##### MATERIAL PROVIDED
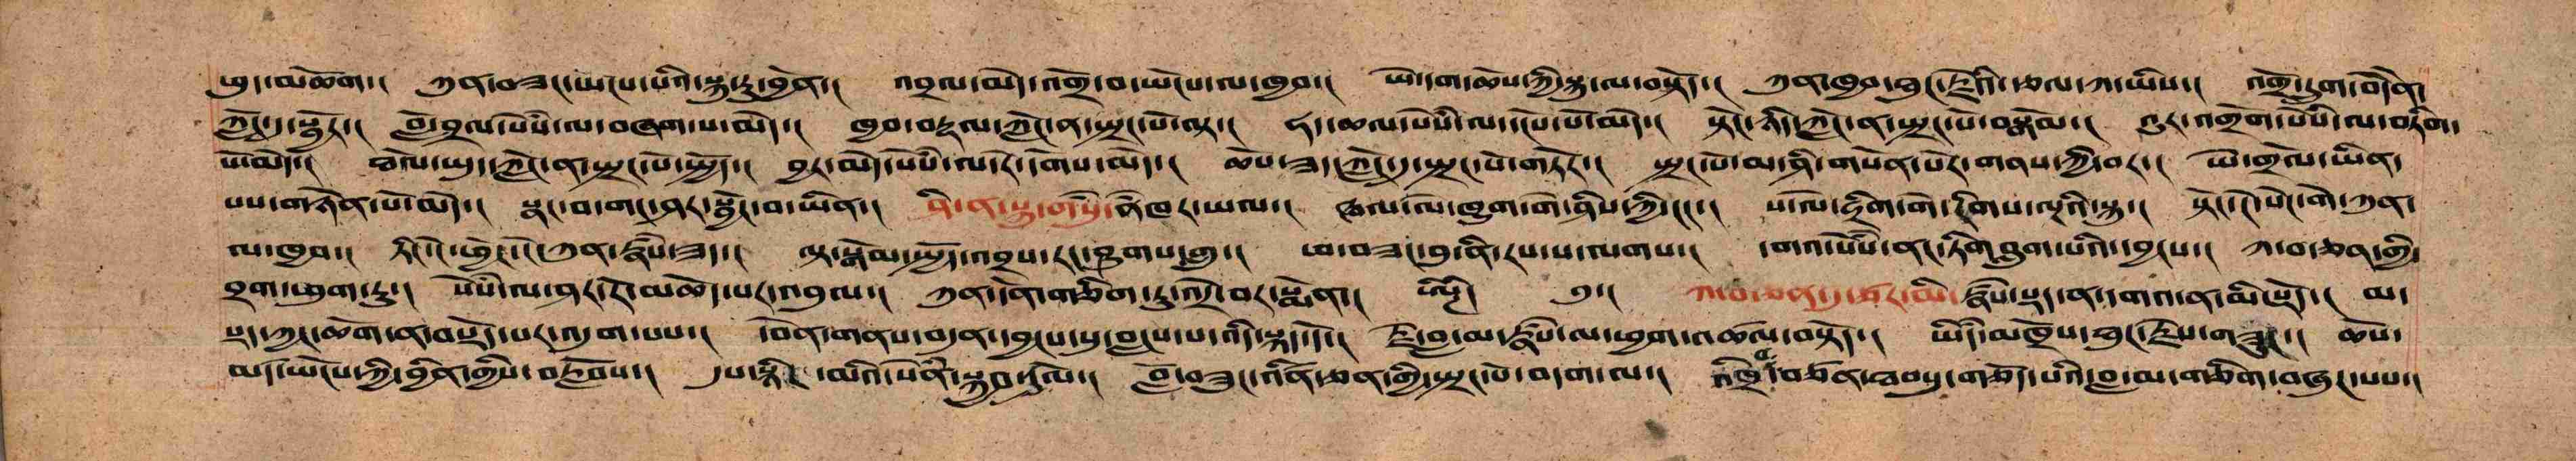ཕུད་མཆོག། ཀུན་བཟང་ཡངས་པའི་སྐུ་རུ་བྱོན།། འབྲལ་མེད་འགྲོ་བ་ཡོངས་ལ་ཁྱབ།། ཡེ་དག་ཆོས་ཀྱི་སྐུ་ལ་བསྟོད།། ཀུན་ཁྱབ་ཐུགས་རྗེའི་རྩལ་ཀ་ཡིས།། འགྲོ་དྲུག་བདེ་ཆེན་
ཀློང་དུ་སྦྱོར།། བློ་བྲལ་སེམས་ལ་བཞག་པ་མེད།། ཁྱབ་བརྡལ་ཀློང་ན་སྤྲང་པོ་ལྟ།། ཧ་ཆལ་སེམས་ལ་དངོས་པོ་མེད།། སྟོང་ཉིད་ཀློང་ན་སྤྲང་པོ་བསྒོམ།། འུར་འགྲོག་སེམས་ལ་བཏིག་
པོ་མེད།། ཐོལ་ཡུད་ཀློང་ན་སྤྲང་པོ་སྤྱོད།། བྱར་མེད་སེམས་ལ་རེ་དོགས་མེད།། ཆོས་ཟད་ཀློང་དུ་སྤྲང་པོ་གཏོར།། སྤྲང་པོ་མ་ཤི་གསོན་པོར་གནས་ཀྱི་བར།། ཡེ་གྲོལ་ཡིན་
པས་གཉེན་པོ་མེད།། སྣང་བ་གང་ཤར་སྦྱོང་བ་ཡིན།། ཤི་ན་སྐུ་གསུམ་ནམ་མཁར་ཡལ།། ཝལ་ལེ་ཁྱུག་གེ་ཤིས་ཀྱི་ངང་།། ས་ལེ་ཧྲིག་གེ་རིགས་ལྔའི་སྐུ།། སྟོང་ངེ་སང་ངེ་ཀུན་
ལ་ཁྱབ།། ཏིང་ངེ་ཕྱོང་ངེ་ཀུན་རྣམས་ཟད།། ལྟ་སྒོམ་སྤྱོད་འབྲས་རང་ཤུགས་གླུ།། ཕ་བཟང་བུ་ནི་རས་པ་ལགས།། དགའ་སེམས་ནང་ཏིག་བླུག་པའི་དབྱངས།། ཀ་བ་ཅན་གྱི་
བྲག་ཏུ།། སེམས་ལ་ཤར་རོ་མཆོད་པར་འབུལ།། ཀུན་དོན་གཅིག་ཏུ་འདྲེ་བར་སྨོན།། ཨིཊི།། ༄་། ཀ་བ་ཅན་དུ་ཙར་མི་རྣམས་སྡད་ན་དགའ་ན་མི་སྡོད།། མ་
བསྡད་ཀྱང་ཆོག་ན་བསྡོད་པར་འདུག་པས།། དབེན་གནས་བདུན་དབྱངས་སུ་བླངས་པ་འདི་སྐད་དོ།། རྗེ་བླ་མ་རྣམས་ལ་ཕྱག་འཚལ་བསྟོད།། ཡིད་དམ་མཁའ་འགྲོས་ཐུགས་རྗེས་གཟུངས།། ཆོས་
མཛད་ཡོངས་ཀྱི་བྱིན་གྱིས་བརློབས།། དུས་སྙིགས་མའི་སེམས་ཅན་སྐྱབ་ཏུ་གསོལ།། བློ་གཟུང་འཛིན་ཅན་གྱི་སྤྲང་པོ་བདག་ལ།། འཁྲི་བ་བཙན་ཐབས་སུ་གཅོད་པའི་བླ་མ་གཅིག་བཞུགས་པས།།
##########
BRIEF: The records above need to be restated word for word, with the pictures left out.

ANSWER BOX:
ཕུད་མཆོག། ཀུན་བཟང་ཡངས་པའི་སྐུ་རུ་བྱོན།། འབྲལ་མེད་འགྲོ་བ་ཡོངས་ལ་ཁྱབ།། ཡེ་དག་ཆོས་ཀྱི་སྐུ་ལ་བསྟོད།། ཀུན་ཁྱབ་ཐུགས་རྗེའི་རྩལ་ཀ་ཡིས།། འགྲོ་དྲུག་བདེ་ཆེན་
ཀློང་དུ་སྦྱོར།། བློ་བྲལ་སེམས་ལ་བཞག་པ་མེད།། ཁྱབ་བརྡལ་ཀློང་ན་སྤྲང་པོ་ལྟ།། ཧ་ཆལ་སེམས་ལ་དངོས་པོ་མེད།། སྟོང་ཉིད་ཀློང་ན་སྤྲང་པོ་བསྒོམ།། འུར་འགྲོག་སེམས་ལ་བཏིག་
པོ་མེད།། ཐོལ་ཡུད་ཀློང་ན་སྤྲང་པོ་སྤྱོད།། བྱར་མེད་སེམས་ལ་རེ་དོགས་མེད།། ཆོས་ཟད་ཀློང་དུ་སྤྲང་པོ་གཏོར།། སྤྲང་པོ་མ་ཤི་གསོན་པོར་གནས་ཀྱི་བར།། ཡེ་གྲོལ་ཡིན་
པས་གཉེན་པོ་མེད།། སྣང་བ་གང་ཤར་སྦྱོང་བ་ཡིན།། ཤི་ན་སྐུ་གསུམ་ནམ་མཁར་ཡལ།། ཝལ་ལེ་ཁྱུག་གེ་ཤིས་ཀྱི་ངང་།། ས་ལེ་ཧྲིག་གེ་རིགས་ལྔའི་སྐུ།། སྟོང་ངེ་སང་ངེ་ཀུན་
ལ་ཁྱབ།། ཏིང་ངེ་ཕྱོང་ངེ་ཀུན་རྣམས་ཟད།། ལྟ་སྒོམ་སྤྱོད་འབྲས་རང་ཤུགས་གླུ།། ཕ་བཟང་བུ་ནི་རས་པ་ལགས།། དགའ་སེམས་ནང་ཏིག་བླུག་པའི་དབྱངས།། ཀ་བ་ཅན་གྱི་
བྲག་ཏུ།། སེམས་ལ་ཤར་རོ་མཆོད་པར་འབུལ།། ཀུན་དོན་གཅིག་ཏུ་འདྲེ་བར་སྨོན།། ཨིཊི།། ༄་། ཀ་བ་ཅན་དུ་ཙར་མི་རྣམས་སྡད་ན་དགའ་ན་མི་སྡོད།། མ་
བསྡད་ཀྱང་ཆོག་ན་བསྡོད་པར་འདུག་པས།། དབེན་གནས་བདུན་དབྱངས་སུ་བླངས་པ་འདི་སྐད་དོ།། རྗེ་བླ་མ་རྣམས་ལ་ཕྱག་འཚལ་བསྟོད།། ཡིད་དམ་མཁའ་འགྲོས་ཐུགས་རྗེས་གཟུངས།། ཆོས་
མཛད་ཡོངས་ཀྱི་བྱིན་གྱིས་བརློབས།། དུས་སྙིགས་མའི་སེམས་ཅན་སྐྱབ་ཏུ་གསོལ།། བློ་གཟུང་འཛིན་ཅན་གྱི་སྤྲང་པོ་བདག་ལ།། འཁྲི་བ་བཙན་ཐབས་སུ་གཅོད་པའི་བླ་མ་གཅིག་བཞུགས་པས།།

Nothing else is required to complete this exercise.